• _TASK DATA_:
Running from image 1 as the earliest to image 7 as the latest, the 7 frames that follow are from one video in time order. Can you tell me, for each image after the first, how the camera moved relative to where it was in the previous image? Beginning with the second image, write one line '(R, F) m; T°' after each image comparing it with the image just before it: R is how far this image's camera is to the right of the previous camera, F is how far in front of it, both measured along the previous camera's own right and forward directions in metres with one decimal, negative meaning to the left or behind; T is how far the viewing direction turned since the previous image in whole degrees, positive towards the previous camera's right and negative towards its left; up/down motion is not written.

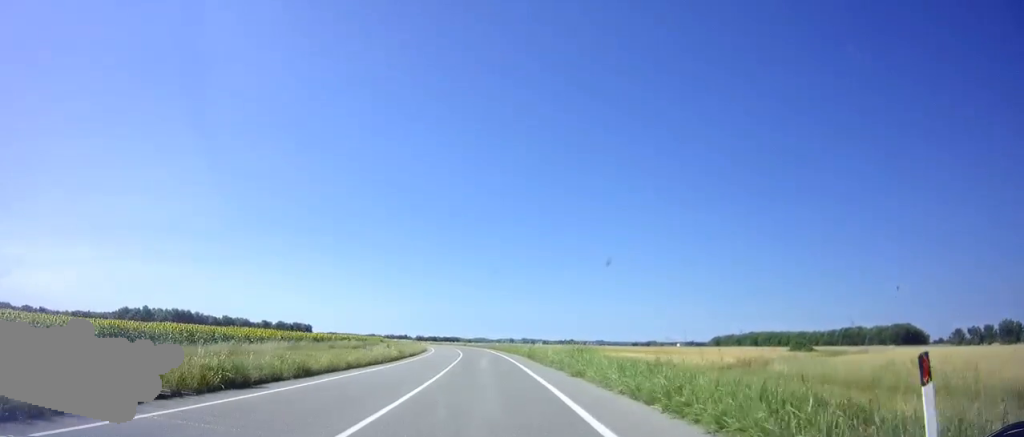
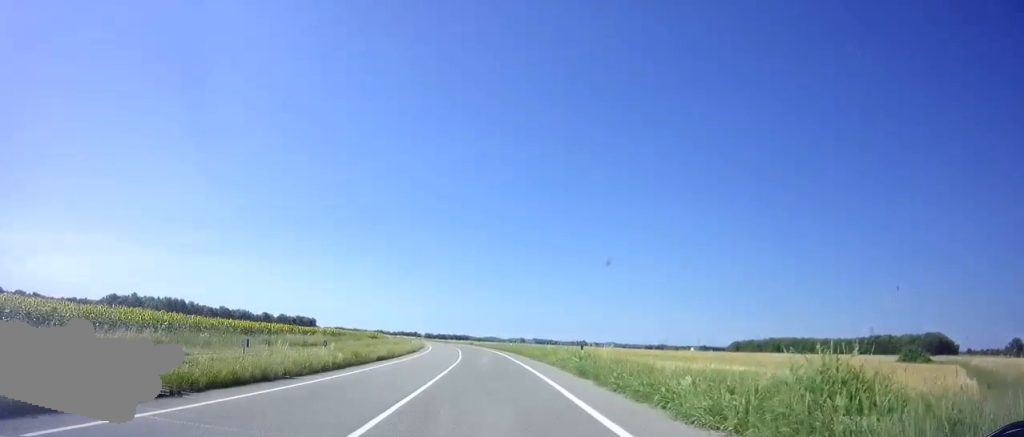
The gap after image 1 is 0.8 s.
(-0.2, +17.1) m; -1°
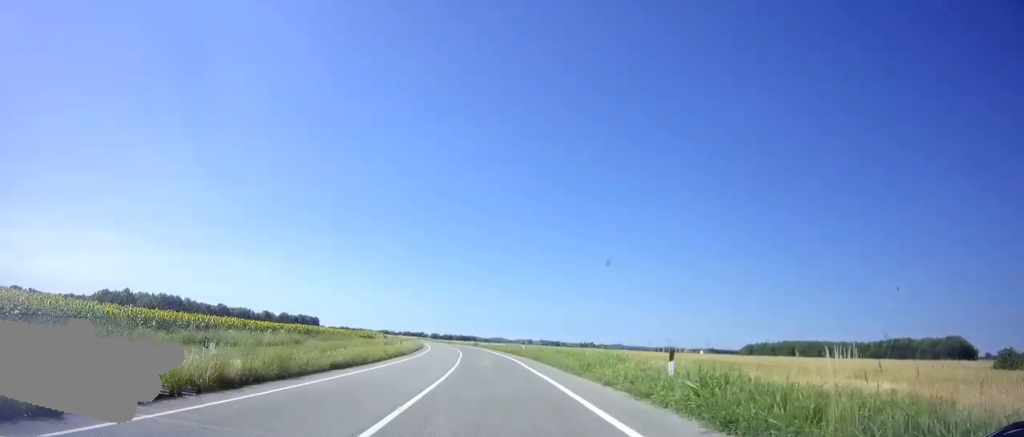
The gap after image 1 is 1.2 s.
(0.0, +10.4) m; -1°
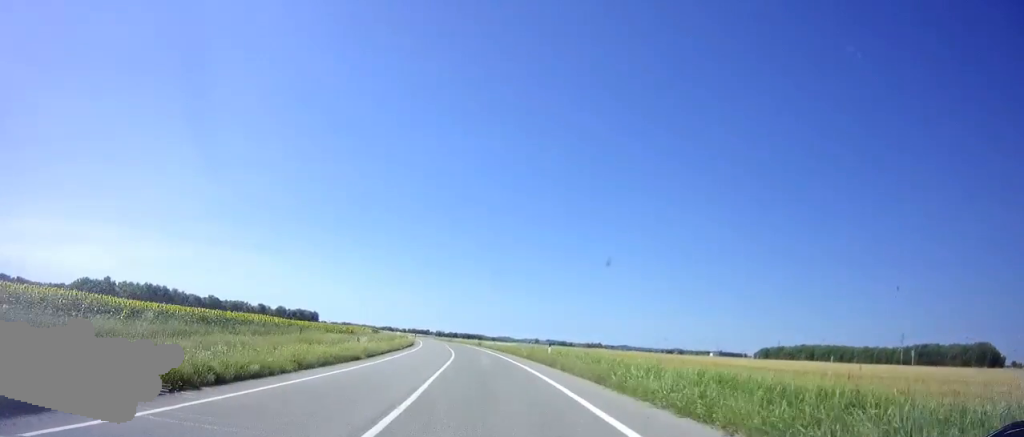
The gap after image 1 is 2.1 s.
(-0.1, +18.5) m; -1°
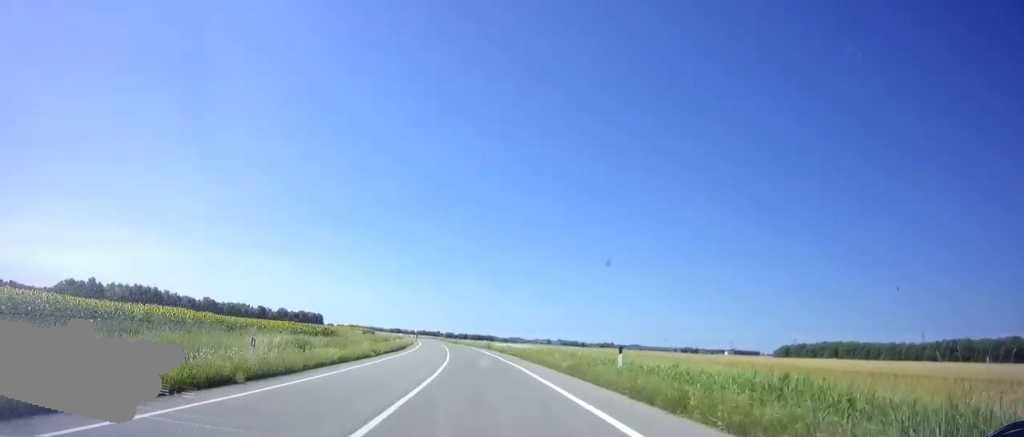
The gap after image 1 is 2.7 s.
(-0.2, +14.0) m; -1°
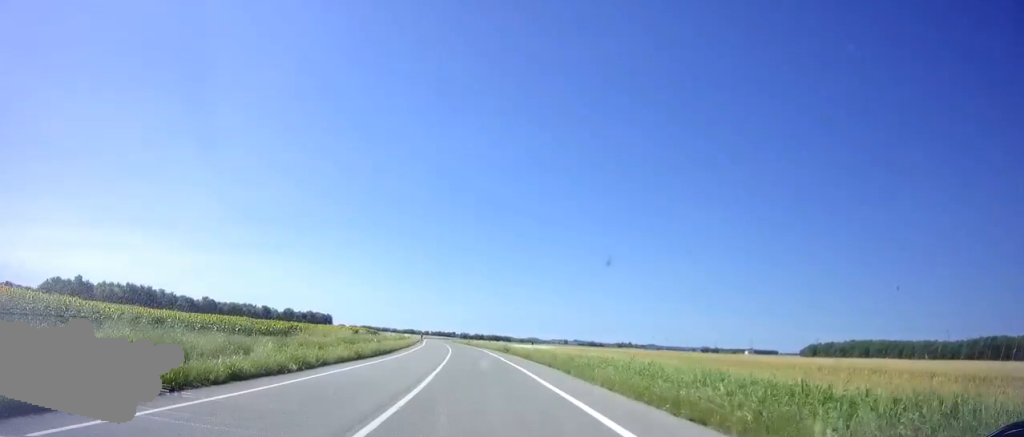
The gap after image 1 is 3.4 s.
(-0.2, +15.5) m; -2°
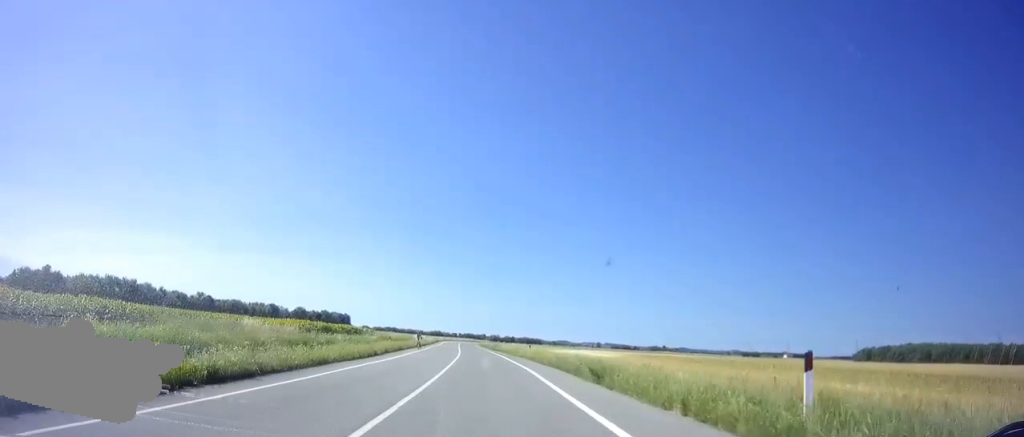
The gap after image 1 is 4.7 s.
(-0.8, +29.8) m; -3°
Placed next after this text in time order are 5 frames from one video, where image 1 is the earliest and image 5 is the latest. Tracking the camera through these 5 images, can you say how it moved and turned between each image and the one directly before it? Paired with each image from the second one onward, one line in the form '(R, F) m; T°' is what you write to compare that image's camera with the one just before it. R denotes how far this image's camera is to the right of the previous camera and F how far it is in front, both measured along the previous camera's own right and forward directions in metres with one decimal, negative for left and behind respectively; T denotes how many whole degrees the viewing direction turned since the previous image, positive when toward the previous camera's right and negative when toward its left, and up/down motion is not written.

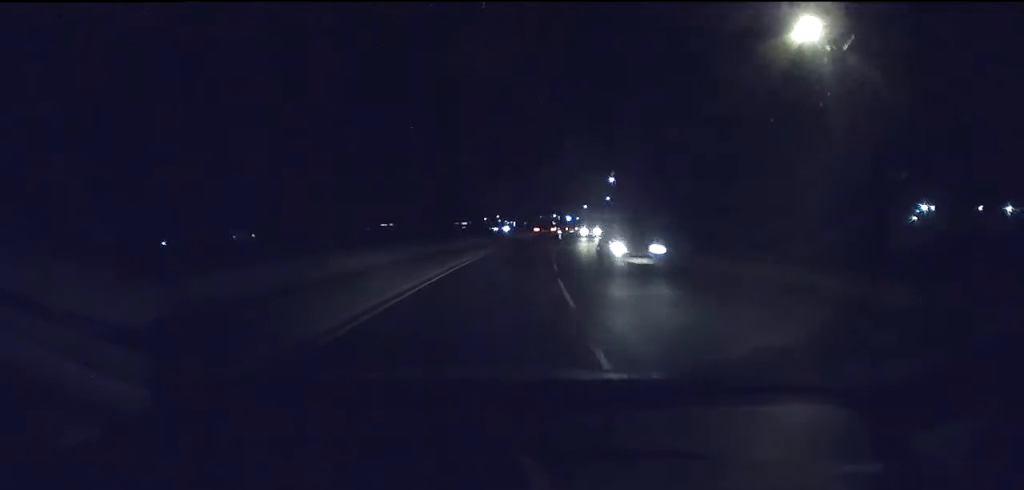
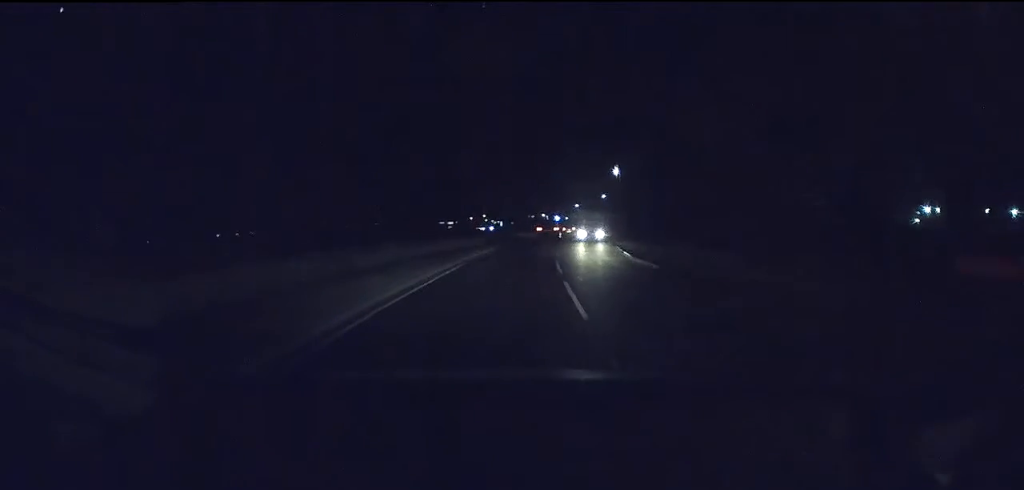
(-0.1, +6.9) m; +2°
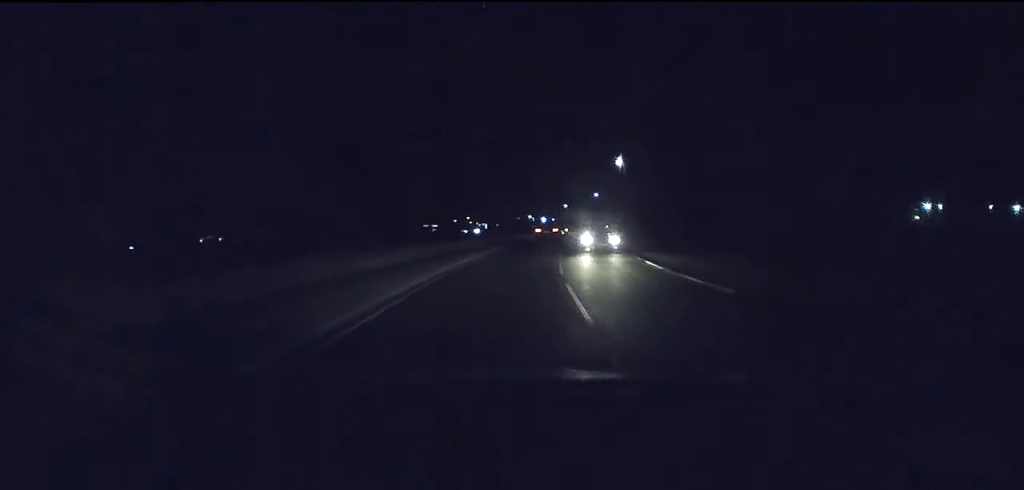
(+0.2, +6.3) m; +2°
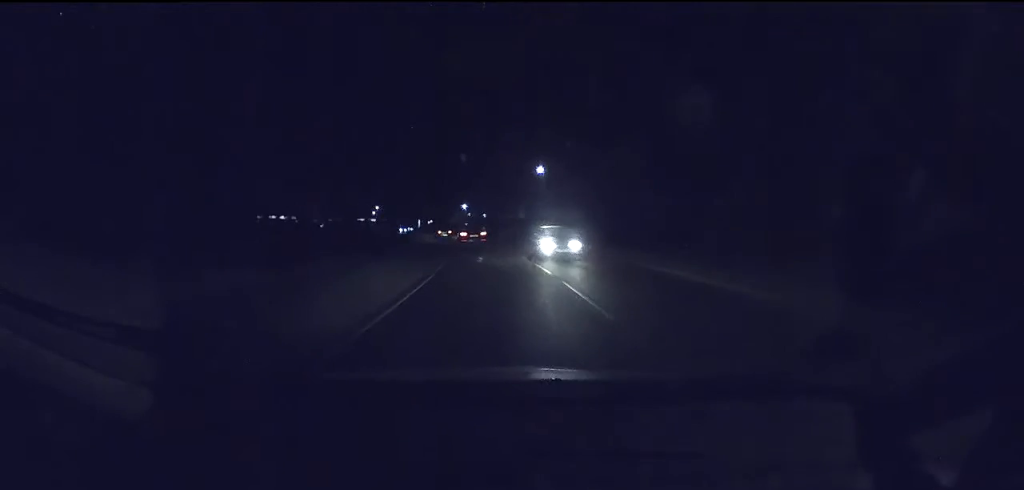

• _PROMPT_:
Leave out each picture and extract the lines from the one containing "The gap after image 1 is 2.1 s." through the end of the records above, inclusive, exactly as they stand.

• _SOLUTION FOR THIS TASK_:
The gap after image 1 is 2.1 s.
(-0.1, +18.5) m; -1°
The gap after image 1 is 2.7 s.
(-0.2, +14.0) m; -1°
The gap after image 1 is 3.4 s.
(-0.2, +15.5) m; -2°
The gap after image 1 is 4.7 s.
(-0.8, +29.8) m; -3°
Placed next after this text in time order are 5 frames from one video, where image 1 is the earliest and image 5 is the latest. Tracking the camera through these 5 images, can you say how it moved and turned between each image and the one directly before it? Paired with each image from the second one onward, one line in the form '(R, F) m; T°' is what you write to compare that image's camera with the one just before it. R denotes how far this image's camera is to the right of the previous camera and F how far it is in front, both measured along the previous camera's own right and forward directions in metres with one decimal, negative for left and behind respectively; T denotes how many whole degrees the viewing direction turned since the previous image, positive when toward the previous camera's right and negative when toward its left, and up/down motion is not written.

(-0.1, +6.9) m; +2°
(+0.2, +6.3) m; +2°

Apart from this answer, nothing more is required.